The values are given as posterior mean estimate plus posterior standard deviation (sd). The different predictors are grouped according to the type of predictor. The predictors in italic indicate protective factors and the predictors in bold indicate non-significant differences for categorical predictors.

With regard the effect of neighbouring cattle herds, herds with more neighbouring herds testing positive in the same year had a higher risk of HBD; while having larger neighbouring herds testing negative in the same year was protective against the risk of HBD; both effects probably reflect the testing regime. The increasing risk of HBD with more neighbouring herds testing positive persisted across the range of sensitivity values whereas the protective effect of being surrounded by large herds testing negative was replaced by the protective effect of having more neighbouring herds (or larger neighbouring) herds testing negative the previous year. While these different predictor variables are not highly correlated (supplementary Table S1), they represent a similar relationship between neighbouring herds and the probability of a HBD. When the sensitivity of the test dropped to 50%, two additional predictor variables became significant with opposite effects: the more neighbours a herd has in the previous year the higher the risk of a HBD (through higher probability of exposure and/or larger susceptible population) but the more neighbouring herds testing positive in the previous year the less the risk (possibly due to effective removal of the source of infection).

The type of herd enterprise (beef or mixed versus dairy) was a significant risk factor only under the assumption of perfect sensitivity or very high sensitivity (95%).

A number of variables related to purchase patterns were significant predictors for the risk of HBD in a given year but only two movements variables found under the assumption of perfect test sensitivity were consistent across the range of sensitivity values.
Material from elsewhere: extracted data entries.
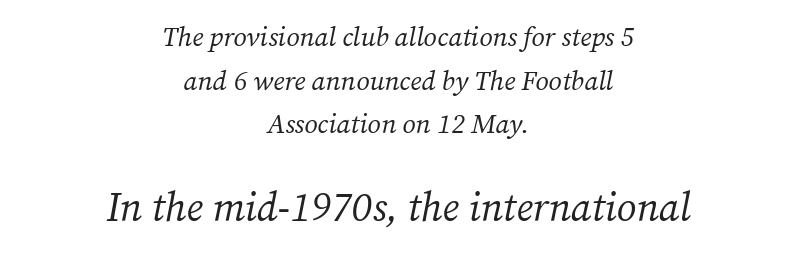
Q: Is the text bold? A: No.
Q: Is the text italic (slanted)? A: Yes, it leans right by about 12 degrees.
Q: Is the typeface a serif or a sans-serif typeface? A: Serif.
Q: Is the text underlined? A: No.
Q: How is the paragraph aligned? A: Centered.
Q: Is the spacing between letters normal or unusually wide? A: Normal.
Q: Is the spacing between lines tight, normal or loose? A: Normal.
Q: Which block of text is set in a larger size, the first (top) or the second (bottom)? A: The second (bottom) one.
Q: Width (condensed, normal, or wide)? A: Normal.
Q: Stroke contrast? A: Medium.
Q: x-height? A: Medium.
Q: Monospaced? A: No.
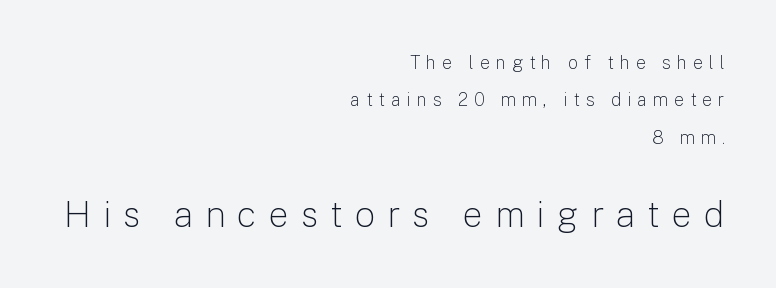
The rendering anchors every line to the right-hand side. No heavy texture on the line: the type isn't bold. If you squint, the bottom block still reads clearly — it's the larger of the two. The tracking reads as deliberately expanded to a designer's eye. Every stem runs plumb, perpendicular to the baseline. The passage shown is not underscored anywhere.
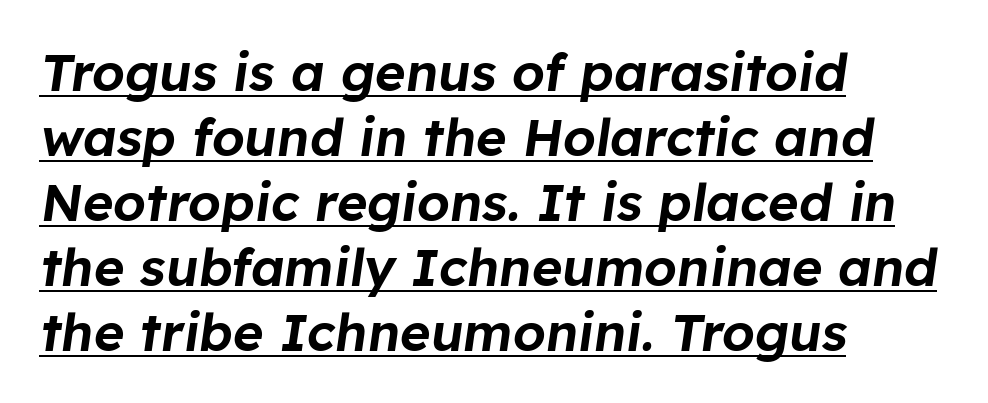
The image shows 52 px text type, italic (leaning right); set left-aligned, normal line spacing (1.25x), normal letter spacing, underlined; low stroke contrast and a medium x-height.
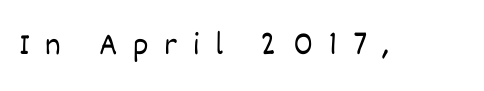
Q: Is the text bold? A: No.
Q: Is the text italic (slanted)? A: No, it is upright.
Q: Is the text underlined? A: No.
Q: Is the spacing between letters normal or unusually wide? A: Unusually wide.
Q: Width (condensed, normal, or wide)? A: Normal.
Q: Stroke contrast? A: Low.
Q: x-height? A: Large.
Q: Monospaced? A: No.
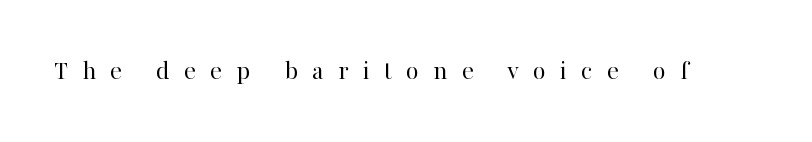
{"serif": "yes", "italic": "no", "bold": "no", "weight": "regular", "width": "normal", "stroke_contrast": "high", "x_height": "medium", "monospaced": "no", "underline": "no", "letter_spacing": "wide", "letter_spacing_em": 0.5, "glyph_px": 28}

These were the log of the number of animals bought the year before the test directly, from a farm which had tested positive at some point in the 12 months preceding the purchase, which was consistently associated with a decreased risk of HBD while the log number of animals bought the previous year from a farm which never tested positive before the move but after the 1st of July 1996 when cattle passports were first implemented led to an increase in risk of HBD for all sensitivity values except for the best fiting model with 75% test sensitivity where it was replaced with the highly correlated indicator of depopulated herd. Two additional risk factors (including highly correlated factors), namely the number of animal bought through market from a farm testing positive in the year following the move and from a farm in a 3- or 4-yearly testing area which tested positive two years before the move, were found in the best fitting models for sensitivity value above 60%. The other movement predictor variables (a mixture of risk and protective factors) identified in the best fitting model in the case of the perfect sensitivity tended to disappear either partially (persisted for some sensitivity values but not others) or completely, while new movement predictors appeared.

Effect of Reduced Test Sensitivity on the Parameter Estimates for bTB HBD Risk Factors

As the variables identified in the best fitting models for different values of test sensitivity varied, we investigated the effect of reducing test sensitivity on the parameter estimates obtained for the predictors of the best fitting model found under the assumption of perfect test sensitivity while keeping the model fixed. The rationale here was that epidemiological studies aiming at identifying risk factors from field data generally assume a perfect test (100% sensitivity). It is, however unclear what effect on the parameter estimates would be observed if this assumption was not met.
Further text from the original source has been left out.